Los Angeles—Angiotensin-converting enzyme (ACE) inhibitors might be widely prescribed for initial treatment of extremely high blood pressure, but a new study suggests that doesn’t mean that the drug class is the best choice.

A study in The Lancet provides information about the relative safety and effectiveness of different hypertension drugs to help pharmacists and other healthcare professionals make the best treatment decisions.

Nearly 5 million patients were involved in the study led by UCLA researchers. The authors point out that ACE inhibitors, the most popular first-line treatment for hypertension, are not as effective and cause more side effects compared with thiazide diuretics. The study demonstrated that patients prescribed thiazide diuretics had 15% fewer cardiovascular events than those prescribed ACE inhibitors and suggested that about 3,100 major cardiovascular events could have been avoided had first-time patients been prescribed thiazides instead of ACE inhibitors.

“Uncertainty remains about the optimal monotherapy for hypertension, with current guidelines recommending any primary agent among the first-line drug classes thiazide or thiazide-like diuretics, angiotensin-converting enzyme inhibitors, angiotensin receptor blockers, dihydropyridine calcium channel blockers, and non-dihydropyridine calcium channel blockers, in the absence of comorbid indications,” researchers write, adding that randomized trials have not further refined the choice.

The study team developed a comprehensive framework for real-world evidence that enables comparative effectiveness and safety evaluation across many drugs and outcomes from observational data encompassing millions of patients, while minimizing inherent bias. That framework was then employed for a systematic, large-scale study to estimate the relative risks of three primary outcomes—acute myocardial infarction, hospitalization for heart failure, and stroke—as well as six secondary effectiveness and 46 safety outcomes comparing all first-line classes. Used for comparison were a global network of six administrative claims and three electronic health record databases.

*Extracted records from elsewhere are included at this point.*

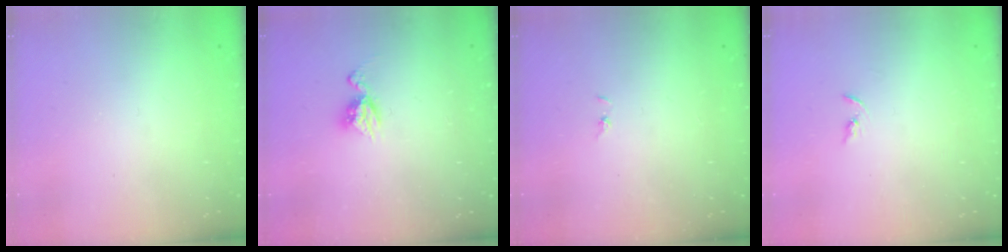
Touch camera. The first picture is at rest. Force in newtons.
{"total": 6.2, "press": 6.2, "slide": 0.5}
{"total": 0.7, "press": 0.7, "slide": 0.1}
{"total": 2.2, "press": 2.2, "slide": 0.2}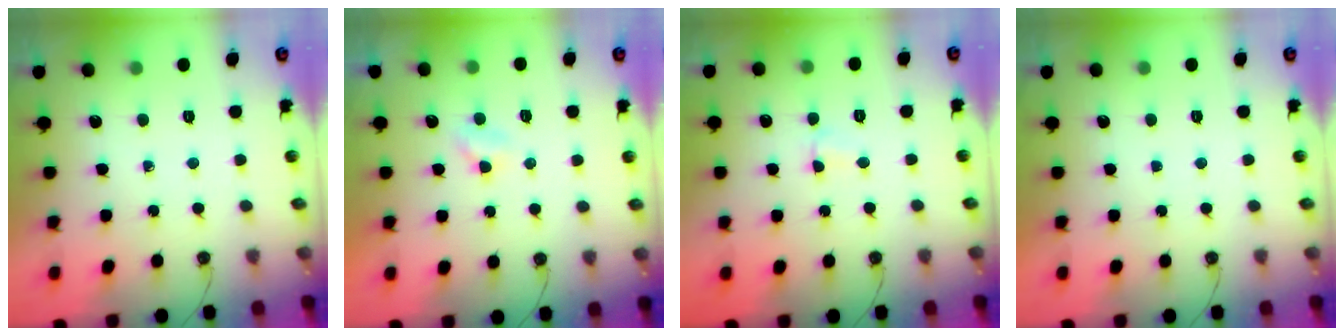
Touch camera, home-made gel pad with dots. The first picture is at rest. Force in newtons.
{"total": 2.0, "press": 2.0, "slide": 0.3}
{"total": 2.9, "press": 2.9, "slide": 0.6}
{"total": 0.0}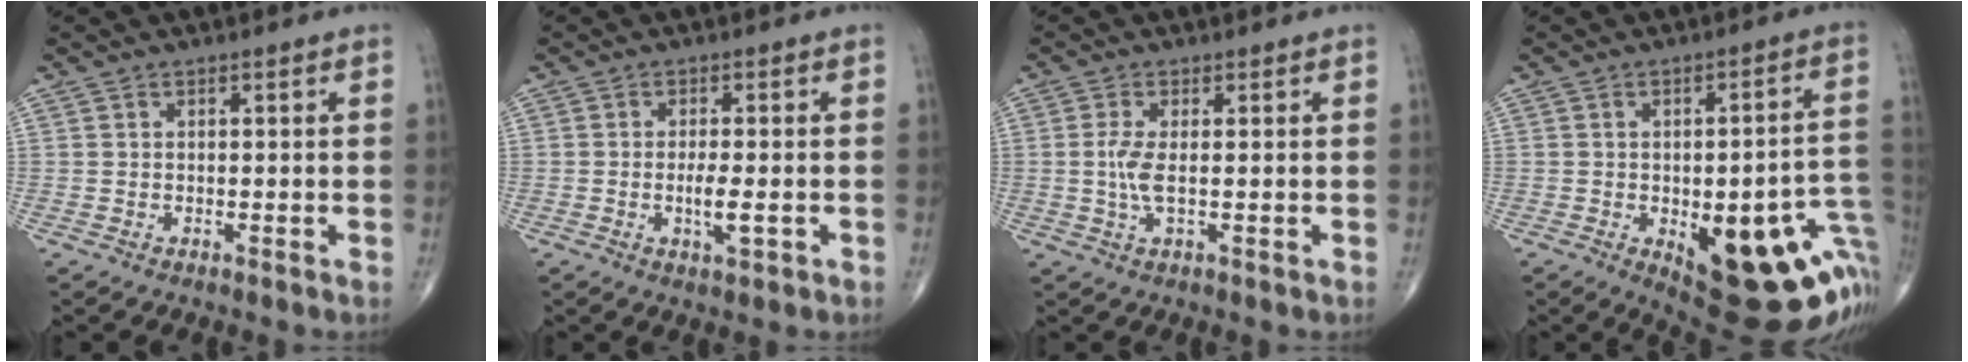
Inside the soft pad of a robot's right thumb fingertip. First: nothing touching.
{"total": 4.1, "force": [-1.0, 1.3, 3.7], "torque": [-0.070, -0.005, -0.015]}
{"total": 3.8, "force": [0.0, 1.0, 3.6], "torque": [-0.094, -0.006, -0.002]}
{"total": 26.4, "force": [-7.1, 10.3, 23.2], "torque": [-0.216, 0.019, -0.064]}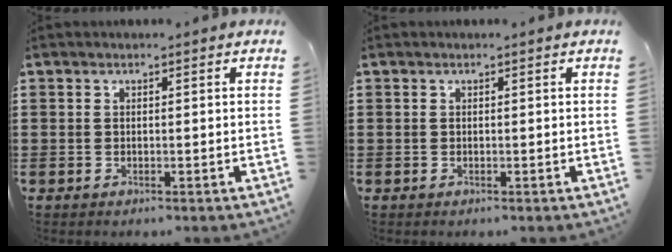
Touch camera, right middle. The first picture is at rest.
{"total": 0.0}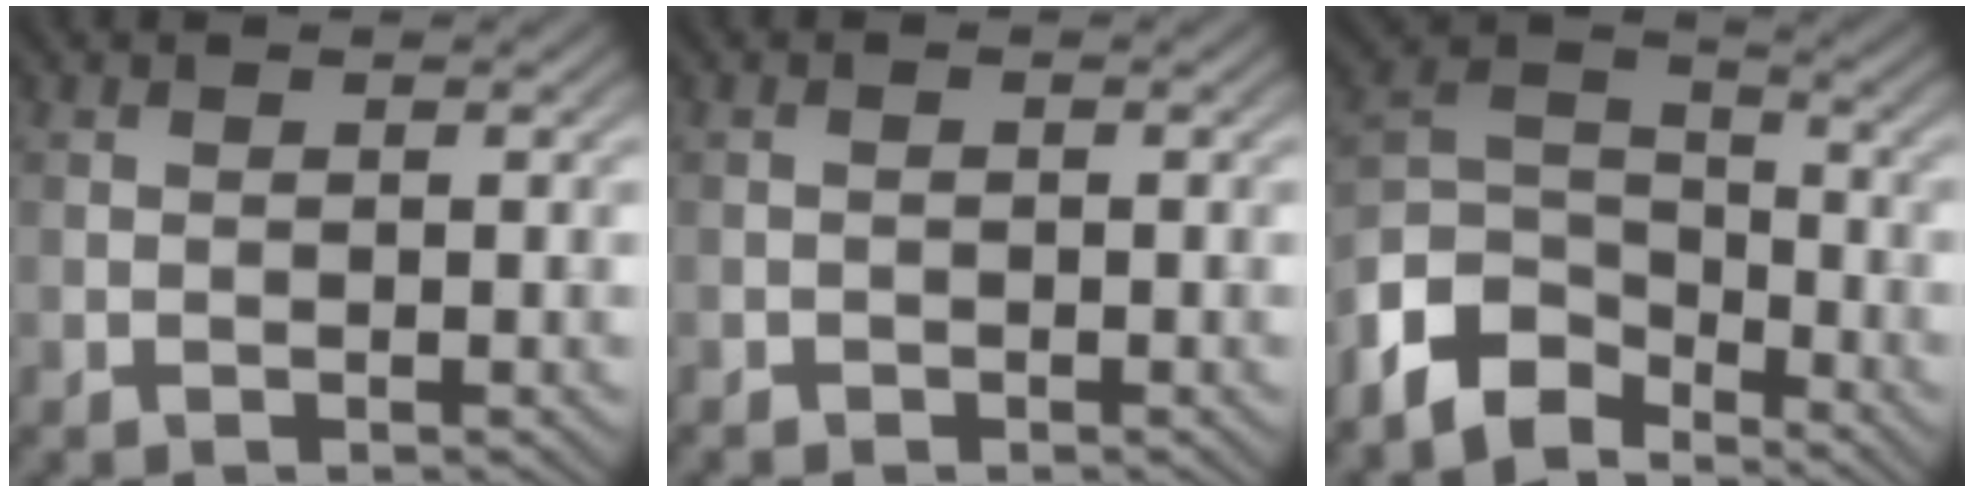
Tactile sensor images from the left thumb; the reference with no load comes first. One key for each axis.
{"total": 0.7, "fx": -0.5, "fy": 0.5, "fz": 0.1, "tx": -0.002, "ty": -0.001, "tz": -0.010}
{"total": 8.9, "fx": -6.2, "fy": 4.9, "fz": 4.0, "tx": -0.082, "ty": -0.002, "tz": -0.143}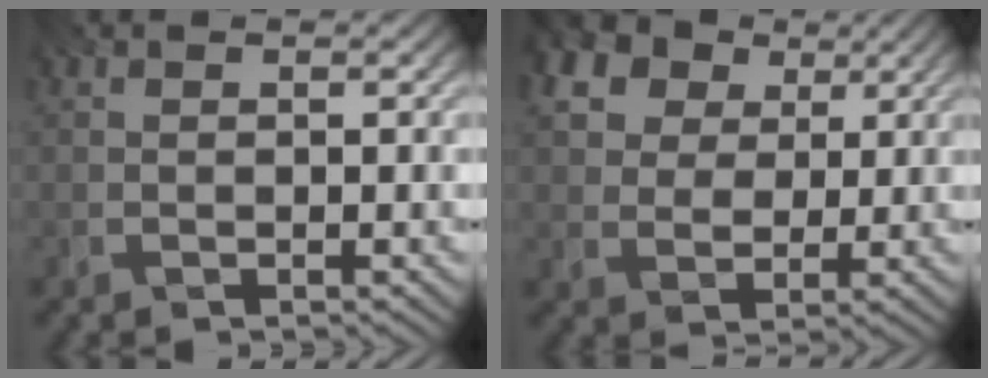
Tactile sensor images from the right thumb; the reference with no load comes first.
{"total": 13.4, "force": [6.5, 9.7, 6.5], "torque": [-0.177, 0.027, 0.133]}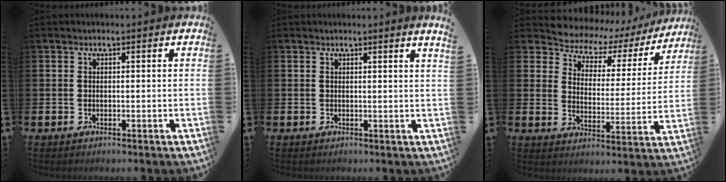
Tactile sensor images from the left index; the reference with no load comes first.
{"total": 1.0, "force": [0.8, -0.5, 0.3], "torque": [0.002, -0.008, 0.014]}
{"total": 5.6, "force": [4.8, 2.7, 1.1], "torque": [-0.053, -0.037, 0.077]}

Resulting estimates generally showed no effectiveness differences between classes. The exception, however, was that thiazide or thiazide-like diuretics showed better primary effectiveness than ACE inhibitors in terms of risks for acute myocardial infarction (hazard ratio [HR] 0.84; 95% CI, 0.75-0.95), hospitalization for heart failure (HR 0.83; 95% CI, 0.74-0.95), and stroke (HR 0.83; 95% CI, 0.74-0.95) risk while on initial treatment.

“Safety profiles also favored thiazide or thiazide-like diuretics over angiotensin-converting enzyme inhibitors,” the authors note. “The non-dihydropyridine calcium channel blockers were significantly inferior to the other four classes.”

“This is a remarkable, massive, multinational study that has provided insights that can inform patient choices about hypertension treatment,” said coauthor Harlan Krumholz, MD, SM, of the Yale School of Medicine. “What is distinctive is not only the size, but the advanced methods that optimize the trustworthiness of the results.”

Researchers estimated that their use of big data revealed patterns that would otherwise have taken 22,000 typical observational studies to detect.